== TASK OBJECTIVE ==
Copy all the data exactly, except the pictures.

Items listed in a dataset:

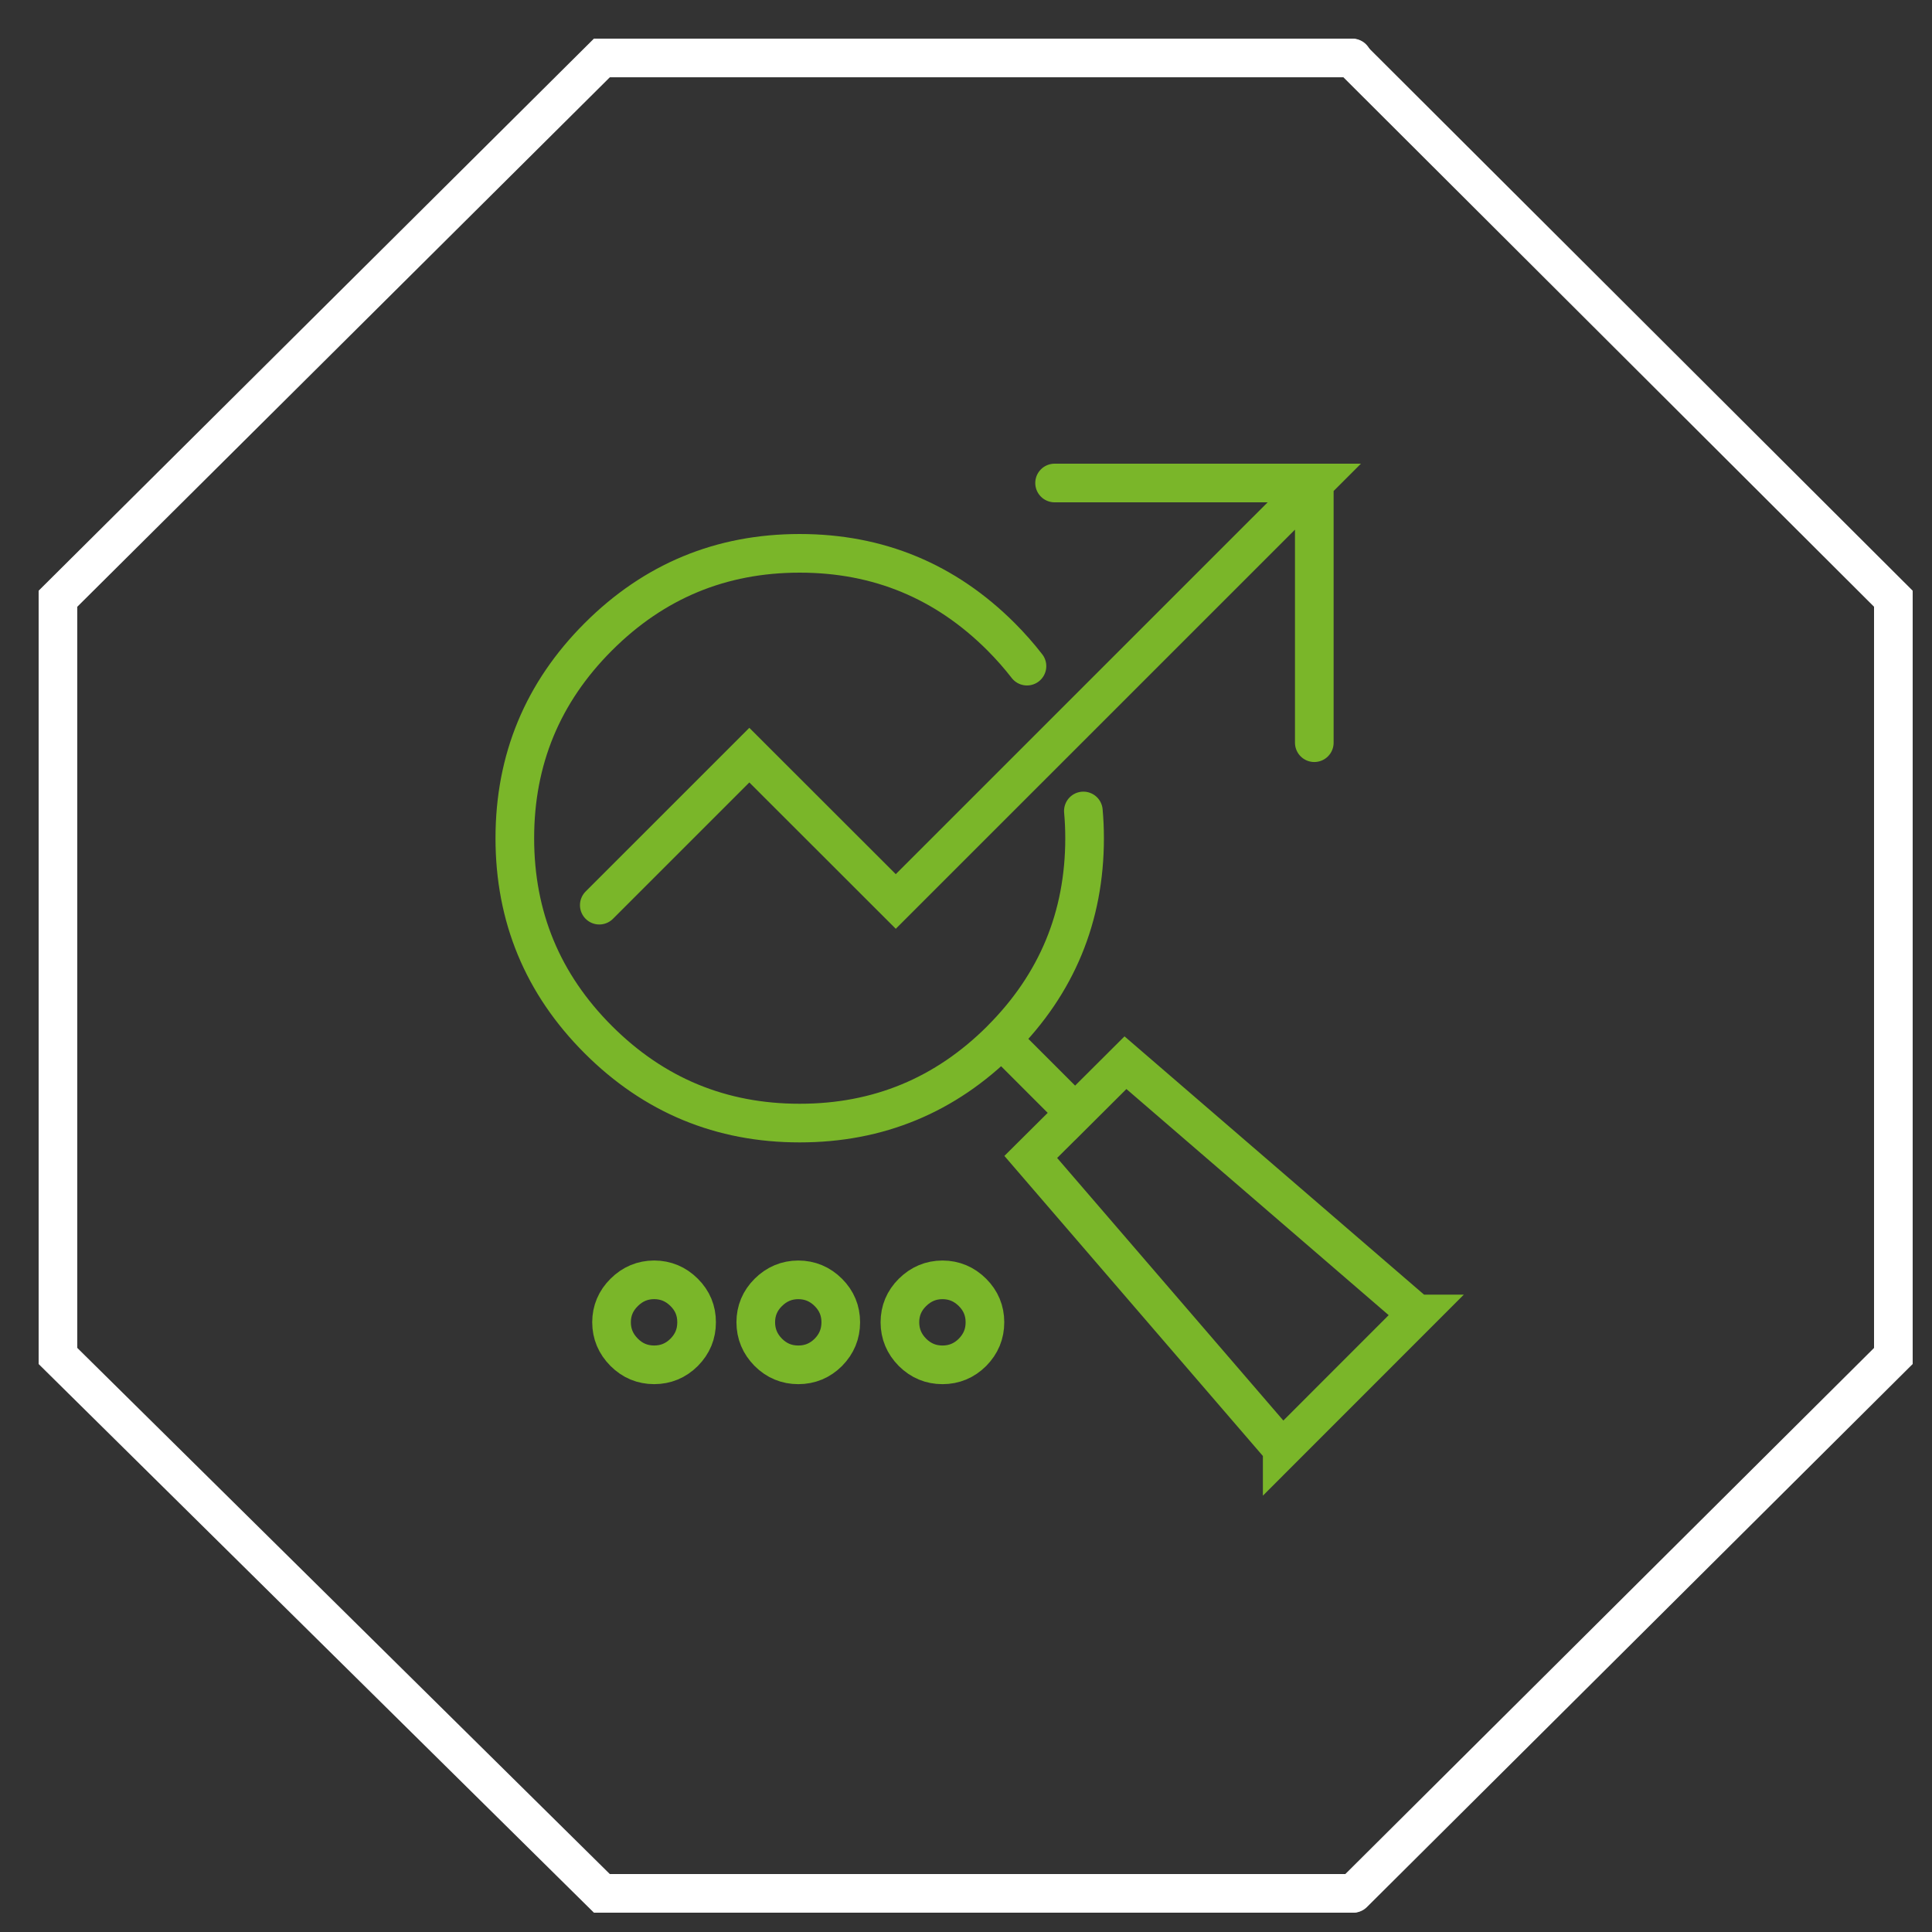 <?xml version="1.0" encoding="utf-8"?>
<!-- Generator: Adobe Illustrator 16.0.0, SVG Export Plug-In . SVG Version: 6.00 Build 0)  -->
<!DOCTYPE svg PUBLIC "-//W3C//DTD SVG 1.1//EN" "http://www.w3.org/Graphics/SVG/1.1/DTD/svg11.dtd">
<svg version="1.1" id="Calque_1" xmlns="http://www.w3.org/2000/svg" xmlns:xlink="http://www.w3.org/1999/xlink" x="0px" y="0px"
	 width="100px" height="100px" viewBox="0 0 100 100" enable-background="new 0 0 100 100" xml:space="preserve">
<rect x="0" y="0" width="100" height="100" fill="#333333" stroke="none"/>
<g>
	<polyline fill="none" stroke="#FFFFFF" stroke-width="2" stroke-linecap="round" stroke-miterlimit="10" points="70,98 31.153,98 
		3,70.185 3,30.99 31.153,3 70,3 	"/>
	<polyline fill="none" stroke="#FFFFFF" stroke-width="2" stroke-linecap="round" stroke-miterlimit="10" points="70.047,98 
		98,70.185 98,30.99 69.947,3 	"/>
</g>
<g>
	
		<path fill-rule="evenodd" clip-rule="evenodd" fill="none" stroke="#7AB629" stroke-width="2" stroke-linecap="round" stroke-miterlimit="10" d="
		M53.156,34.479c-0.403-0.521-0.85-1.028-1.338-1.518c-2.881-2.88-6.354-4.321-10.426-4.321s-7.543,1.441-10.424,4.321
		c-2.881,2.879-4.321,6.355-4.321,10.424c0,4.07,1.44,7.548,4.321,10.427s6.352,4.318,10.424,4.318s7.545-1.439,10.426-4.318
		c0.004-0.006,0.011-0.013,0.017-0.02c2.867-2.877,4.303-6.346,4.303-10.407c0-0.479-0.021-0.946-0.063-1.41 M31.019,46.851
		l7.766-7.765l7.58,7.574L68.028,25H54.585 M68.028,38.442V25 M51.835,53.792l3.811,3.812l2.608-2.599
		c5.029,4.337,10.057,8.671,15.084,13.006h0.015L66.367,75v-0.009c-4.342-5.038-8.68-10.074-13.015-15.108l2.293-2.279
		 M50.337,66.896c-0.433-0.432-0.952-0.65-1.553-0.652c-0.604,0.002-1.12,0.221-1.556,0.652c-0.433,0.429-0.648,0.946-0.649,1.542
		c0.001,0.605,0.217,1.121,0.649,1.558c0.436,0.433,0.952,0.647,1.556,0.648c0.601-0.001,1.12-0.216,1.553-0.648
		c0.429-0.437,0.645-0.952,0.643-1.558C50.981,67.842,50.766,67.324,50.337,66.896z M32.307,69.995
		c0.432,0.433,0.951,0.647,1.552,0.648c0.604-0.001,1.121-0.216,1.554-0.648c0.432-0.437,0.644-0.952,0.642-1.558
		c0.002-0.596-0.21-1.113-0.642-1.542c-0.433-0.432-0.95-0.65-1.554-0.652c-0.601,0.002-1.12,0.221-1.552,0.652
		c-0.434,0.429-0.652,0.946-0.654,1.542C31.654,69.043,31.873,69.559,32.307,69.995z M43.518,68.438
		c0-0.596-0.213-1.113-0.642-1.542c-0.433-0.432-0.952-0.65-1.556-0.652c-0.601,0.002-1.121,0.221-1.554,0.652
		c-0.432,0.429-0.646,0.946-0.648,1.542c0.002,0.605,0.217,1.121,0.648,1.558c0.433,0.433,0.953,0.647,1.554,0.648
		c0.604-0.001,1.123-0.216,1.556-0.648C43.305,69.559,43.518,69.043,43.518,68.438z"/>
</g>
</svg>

== SOLUTION FOR THIS EXERCISE ==
 <?xml version="1.0" encoding="utf-8"?>
<!-- Generator: Adobe Illustrator 16.0.0, SVG Export Plug-In . SVG Version: 6.00 Build 0)  -->
<!DOCTYPE svg PUBLIC "-//W3C//DTD SVG 1.1//EN" "http://www.w3.org/Graphics/SVG/1.1/DTD/svg11.dtd">
<svg version="1.1" id="Calque_1" xmlns="http://www.w3.org/2000/svg" xmlns:xlink="http://www.w3.org/1999/xlink" x="0px" y="0px"
	 width="100px" height="100px" viewBox="0 0 100 100" enable-background="new 0 0 100 100" xml:space="preserve">
<rect x="0" y="0" width="100" height="100" fill="#333333" stroke="none"/>
<g>
	<polyline fill="none" stroke="#FFFFFF" stroke-width="2" stroke-linecap="round" stroke-miterlimit="10" points="70,98 31.153,98 
		3,70.185 3,30.99 31.153,3 70,3 	"/>
	<polyline fill="none" stroke="#FFFFFF" stroke-width="2" stroke-linecap="round" stroke-miterlimit="10" points="70.047,98 
		98,70.185 98,30.99 69.947,3 	"/>
</g>
<g>
	
		<path fill-rule="evenodd" clip-rule="evenodd" fill="none" stroke="#7AB629" stroke-width="2" stroke-linecap="round" stroke-miterlimit="10" d="
		M53.156,34.479c-0.403-0.521-0.85-1.028-1.338-1.518c-2.881-2.88-6.354-4.321-10.426-4.321s-7.543,1.441-10.424,4.321
		c-2.881,2.879-4.321,6.355-4.321,10.424c0,4.07,1.44,7.548,4.321,10.427s6.352,4.318,10.424,4.318s7.545-1.439,10.426-4.318
		c0.004-0.006,0.011-0.013,0.017-0.02c2.867-2.877,4.303-6.346,4.303-10.407c0-0.479-0.021-0.946-0.063-1.41 M31.019,46.851
		l7.766-7.765l7.58,7.574L68.028,25H54.585 M68.028,38.442V25 M51.835,53.792l3.811,3.812l2.608-2.599
		c5.029,4.337,10.057,8.671,15.084,13.006h0.015L66.367,75v-0.009c-4.342-5.038-8.68-10.074-13.015-15.108l2.293-2.279
		 M50.337,66.896c-0.433-0.432-0.952-0.65-1.553-0.652c-0.604,0.002-1.12,0.221-1.556,0.652c-0.433,0.429-0.648,0.946-0.649,1.542
		c0.001,0.605,0.217,1.121,0.649,1.558c0.436,0.433,0.952,0.647,1.556,0.648c0.601-0.001,1.12-0.216,1.553-0.648
		c0.429-0.437,0.645-0.952,0.643-1.558C50.981,67.842,50.766,67.324,50.337,66.896z M32.307,69.995
		c0.432,0.433,0.951,0.647,1.552,0.648c0.604-0.001,1.121-0.216,1.554-0.648c0.432-0.437,0.644-0.952,0.642-1.558
		c0.002-0.596-0.21-1.113-0.642-1.542c-0.433-0.432-0.95-0.65-1.554-0.652c-0.601,0.002-1.12,0.221-1.552,0.652
		c-0.434,0.429-0.652,0.946-0.654,1.542C31.654,69.043,31.873,69.559,32.307,69.995z M43.518,68.438
		c0-0.596-0.213-1.113-0.642-1.542c-0.433-0.432-0.952-0.65-1.556-0.652c-0.601,0.002-1.121,0.221-1.554,0.652
		c-0.432,0.429-0.646,0.946-0.648,1.542c0.002,0.605,0.217,1.121,0.648,1.558c0.433,0.433,0.953,0.647,1.554,0.648
		c0.604-0.001,1.123-0.216,1.556-0.648C43.305,69.559,43.518,69.043,43.518,68.438z"/>
</g>
</svg>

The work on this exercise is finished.